The sinking of the Titanic is a well-known event, but the full horror of it has been dulled by the passage of decades. We're used to a "disaster" taking the lives of a couple of hundred in a plane crash. There's no category left for the destruction of over a thousand people. It takes a movie on the scale of Titanic to show us something we have no concept for. I'd argue the same thing for the worth of a movie like Jurassic Park. Movies with budgets this size have one possible redeeming quality: they can show us things that we will otherwise never experience.

So our two heroes and the other passengers we've come to know must scratch and claw for survival as the full horror of what's happening settles in on them. One of the most fascinating parts of the movie was watching very slow understanding dawn across first a few, then some more, and finally the rest of the passengers.

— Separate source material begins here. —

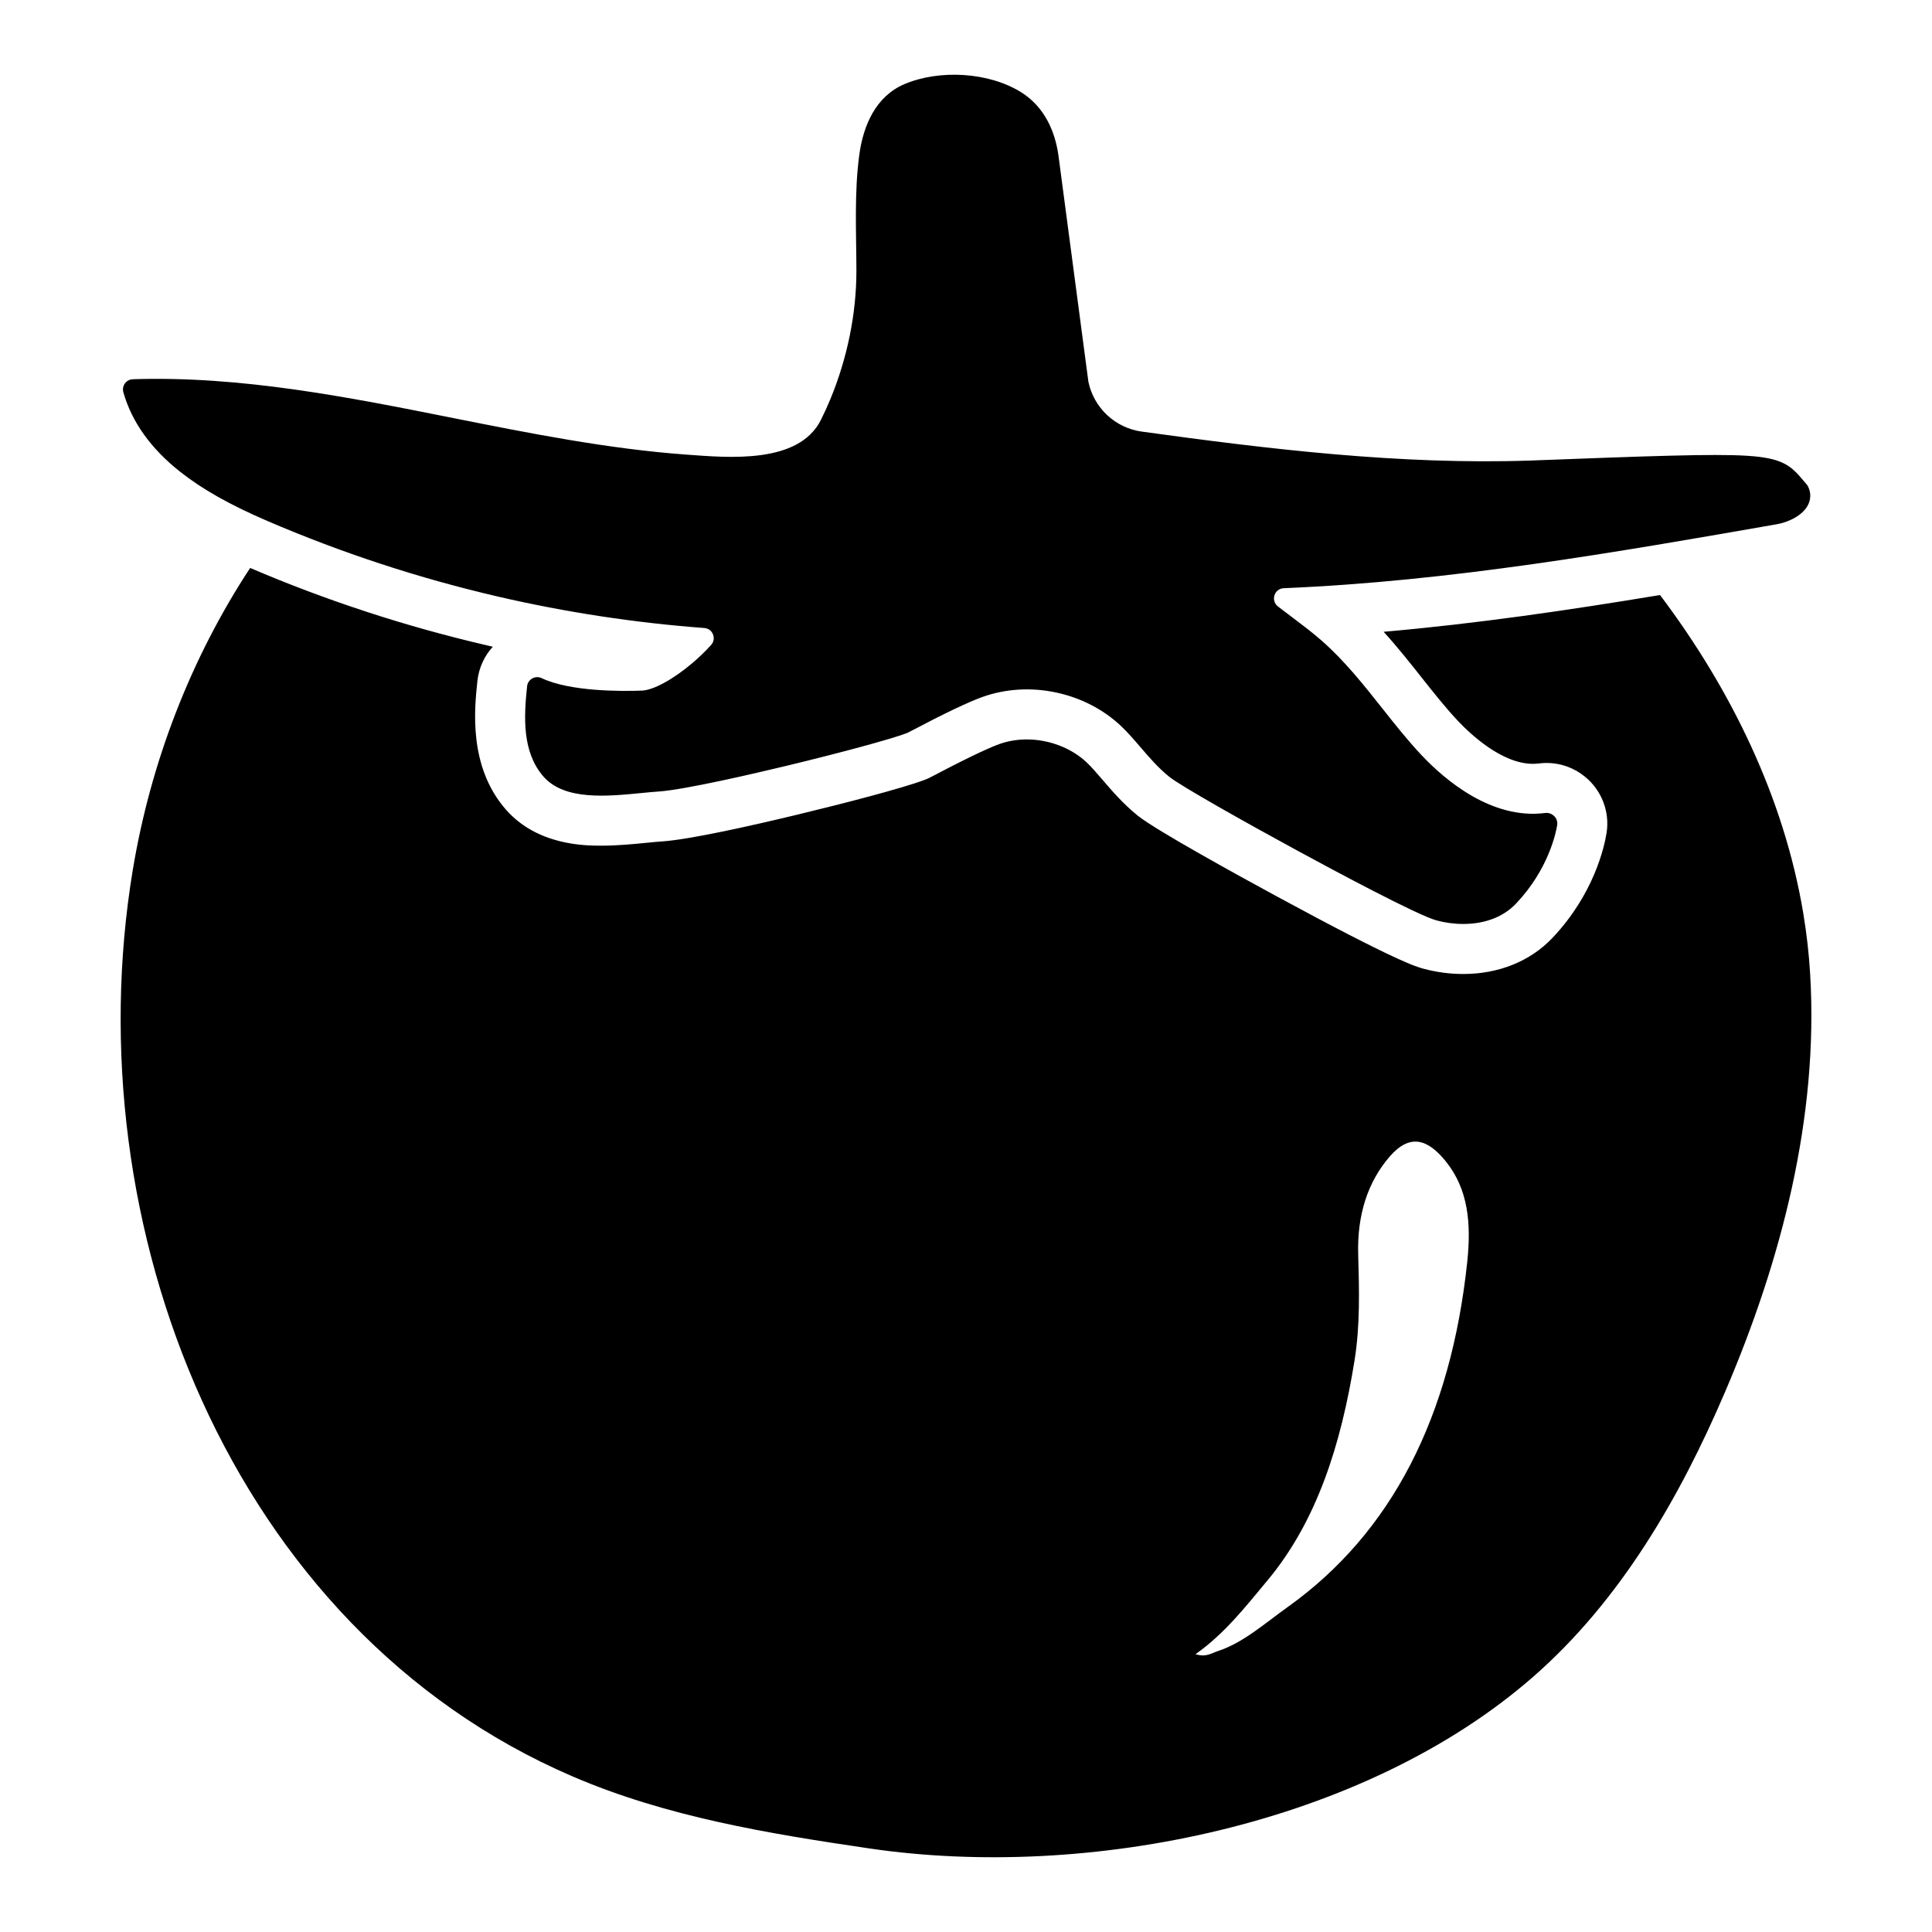 <?xml version="1.0" encoding="UTF-8"?>
<!-- Uploaded to: ICON Repo, www.svgrepo.com, Generator: ICON Repo Mixer Tools -->
<svg fill="#000000" width="800px" height="800px" version="1.1" viewBox="144 144 512 512" xmlns="http://www.w3.org/2000/svg">
 <path d="m176.69 247.94c-0.477-1.691 0.758-3.379 2.516-3.438 28.668-0.934 57.199 4.758 84.789 10.262 20.211 4.031 41.113 8.199 61.836 9.707 11.18 0.812 29.852 2.609 35.746-9.246 0.867-1.742 1.676-3.516 2.422-5.312 4.461-10.723 6.981-22.648 6.957-34.266-0.02-10.129-0.594-20.582 0.77-30.645 1.047-7.723 4.34-15.457 11.934-18.695 9.293-3.965 22.461-3.211 31.031 2.188 5.957 3.754 8.938 10.117 9.836 16.91 0.008 0.047 7.914 59.793 7.914 59.793 1.465 6.934 7.121 12.211 14.141 13.18 33.805 4.668 68.469 8.828 102.85 7.676 31.25-1.184 48.473-1.836 57.535-1.273 9.508 0.59 11.664 2.656 14.945 6.562 0.273 0.324 0.559 0.668 0.867 1.023 0.148 0.172 0.273 0.359 0.375 0.562 0.789 1.586 0.785 3.324-0.008 4.891-1.406 2.777-5.148 4.562-8.234 5.102-42.625 7.449-86.574 15.129-130.7 16.957-2.519 0.105-3.531 3.289-1.543 4.836 1.199 0.934 2.43 1.859 3.68 2.797 2.609 1.965 5.309 3.992 7.832 6.199 6.148 5.383 11.234 11.809 16.152 18.023 3.32 4.195 6.754 8.535 10.441 12.441 6.129 6.496 18.535 17.117 32.758 15.27 0.738-0.094 1.48 0.117 2.059 0.586l0.121 0.098c0.746 0.609 1.109 1.566 0.961 2.519-0.297 1.867-2.219 11.641-10.883 20.789-3.769 3.981-9.012 5.422-14.008 5.422-2.488 0-4.91-0.355-7.066-0.934-5.023-1.344-27.121-13.191-36.391-18.223-14.504-7.875-31.48-17.445-34.473-19.859-2.906-2.34-5.297-5.129-7.613-7.828-1.691-1.969-3.289-3.828-5.062-5.519-9.559-9.105-24.336-12.242-36.77-7.809-3.723 1.328-10.094 4.359-18.93 9.016-0.961 0.508-0.98 0.516-1.168 0.586-4.18 1.586-17.34 5.156-32 8.688-7.848 1.891-26.848 6.332-33.789 6.785-1.379 0.09-2.941 0.242-4.598 0.406-9.07 0.891-20.359 2-25.922-4.398-5.641-6.484-5.184-15.738-4.312-23.902 0.199-1.852 2.164-2.953 3.844-2.156 7.559 3.582 21.094 3.508 26.559 3.309 3.043-0.109 8.293-2.969 13.375-7.281 1.812-1.539 3.504-3.18 4.973-4.793 1.516-1.664 0.453-4.352-1.793-4.516-18.332-1.371-36.668-4.16-54.629-8.32-21-4.863-41.633-11.633-61.328-20.121-9.797-4.223-17.078-8.332-22.914-12.941-7.793-6.144-12.867-13.246-15.086-21.105zm2.5 126.61c4.707-28.402 15.312-56.012 31.105-80.035 20.164 8.629 41.262 15.531 62.734 20.508 0.523 0.121 1.051 0.242 1.578 0.363-2.231 2.434-3.715 5.574-4.09 9.09-0.785 7.34-2.414 22.617 7.488 34 8.383 9.637 21.168 9.637 25.371 9.637s8.262-0.398 11.852-0.75c1.539-0.152 2.996-0.293 4.152-0.371 7.297-0.473 23.621-4.137 36.031-7.125 11.863-2.856 27.777-6.973 33.586-9.176 0.949-0.359 1.48-0.641 2.652-1.254 10.863-5.719 15.445-7.629 17.207-8.258 2.269-0.809 4.715-1.219 7.269-1.219 5.926 0 11.875 2.297 15.914 6.144 1.293 1.234 2.617 2.773 4.144 4.555 2.578 3.004 5.5 6.406 9.352 9.512 4.777 3.852 27.094 16.102 36.469 21.188 32.207 17.48 37.348 18.859 39.281 19.375 3.43 0.918 6.961 1.387 10.492 1.387 9.402 0 17.793-3.394 23.633-9.559 11.066-11.684 13.777-24.246 14.348-27.816 0.891-5.586-1.281-11.277-5.68-14.875l-0.098-0.078c-2.84-2.32-6.426-3.602-10.094-3.602-0.684 0-1.375 0.047-2.051 0.133-0.523 0.066-1.059 0.102-1.59 0.102-8.246 0-16.613-7.922-19.828-11.328-3.293-3.488-6.543-7.598-9.688-11.57-3.055-3.859-6.356-8.031-10.051-12.094 24.688-2.156 49.156-5.746 73.25-9.742 18.73 24.844 32.852 53.648 37.965 84.371 0.883 5.301 1.496 10.66 1.82 16.066 2.277 38.035-7.66 75.938-22.516 110.67-12.031 28.129-27.789 55.355-50.812 75.504-44.918 39.305-117.96 54.082-175.96 45.559-26.68-3.922-53.793-8.371-78.715-19.102-90.855-39.098-132.08-146.29-116.52-240.21zm281.63 207.82c2.801 0.902 4.246-0.27 5.762-0.758 6.789-2.168 12.621-7.418 18.727-11.773 27.527-19.676 43.176-50.371 47.527-91.434 1.074-10.18 0.281-19.215-5.668-26.609-4.781-5.945-9.508-7.453-14.832-1.355-5.902 6.758-8.691 15.625-8.402 25.895 0.262 9.406 0.535 18.859-0.969 28.207-3.566 22.156-9.91 42.504-23.074 58.289-5.777 6.922-11.355 14.125-19.07 19.539z"/>
</svg>

One of the tragedies of the Titanic is that the makers of the ship were so sure that their boat was unsinkable that they let the ship sail with enough lifeboats for less than half the ship's occupants. That hubris extends down to the passengers of the ship, who cannot comprehend that their unsinkable vessel may actually be going down. The rest of the film shows us which of the people we've met live, which die, and how both ends are met, sometimes in tortuous detail.

Despite the triteness of the story, the engaging actors and the amazing sight of the ocean swallowing the Titanic make this movie worth the price of admission. This is one to see on the big screen; watching the ship hover straight up in the air like a skyscraper before crashing back down to the waves will lose a lot of its punch in your living room.